Monday, August 11, 2008

Survived the First Week

I am at the end of Day 8 of the juice feast. After a weekend camping where Zander and I stuffed ourselves silly, drank like college freshmen, and partook of an essential green not allowed on the juice feast, I dove into the green pool of juice feasting head first. If I had a dime for all the times I craved coffee or frozen yogurt in the first week, I could afford to shop at Whole Foods.

My favorite juice: 1 small head of celery, 1 cucumber, ¼ of a pineapple, 1 apple, 1 small head of romaine lettuce (adolescence optional), 3oz spinach, 1 T coconut oil

I was very tired on Day 2, but not very hungry. On Days 3 and 4 I was hungrier and much more fatigued. My classroom is on the third floor, and by the time I finished climbing the stairs I felt like Weight Watchers drop-out after they scaled the Eiffel tower. On Days 5 and 6 I was also very fatigued, mildly nauseous, and stuffed. It felt like I had two Inn ‘n Out burgers in my stomach, without the pleasure of having tasted them. Day 7, when I had my colonic, was much better. It is amazing what a little tube’ll do ya, but I still don’t think the salon will adopt that as their slogan.

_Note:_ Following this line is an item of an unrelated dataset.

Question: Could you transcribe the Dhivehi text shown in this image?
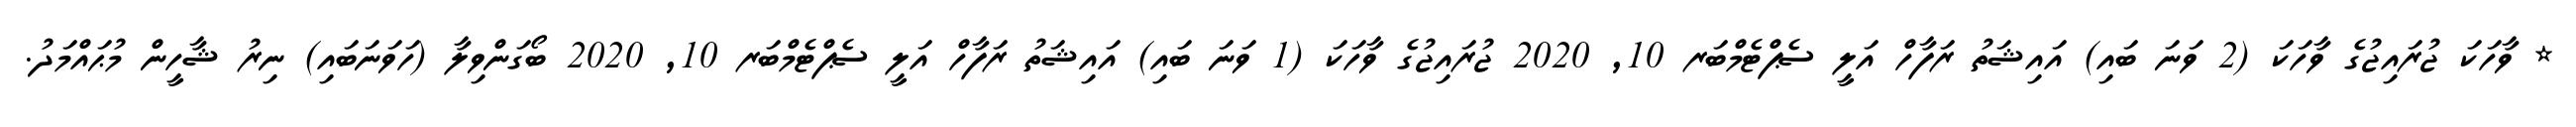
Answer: * ވާހަކަ ޖުރައިޖުގެ ވާހަކަ (2 ވަނަ ބައި) އައިޝަތު ރަފާހް އަލީ ސެޕްޓެމްބަރ 10, 2020 ޖުރައިޖުގެ ވާހަކަ (1 ވަނަ ބައި) އައިޝަތު ރަފާހް އަލީ ސެޕްޓެމްބަރ 10, 2020 ބޯގަންވިލާ (ހަވަނަބައި) ނިރު ޝާހީން މުޙައްމަދު.

Today I felt energized and healthy until after I finished working on my latest script in the afternoon. Writing about crazy people (other than myself) really zaps my energy. There ought to be a juice or supplement for that.

Saturday, August 9, 2008

High End for Your Rear End

When calling around to different places to get an appointment for colon hydrotherapy, I had a conversation with a woman about her salon and the pricing for services. When she told me that it was $129 for a treatment, she added “We are high end.” My response was “So, high end for your rear end?” She didn’t laugh. I guess colon hydrotherapists are pretty serious. It makes sense. Think of all the shit they have to deal with. This led me to think of…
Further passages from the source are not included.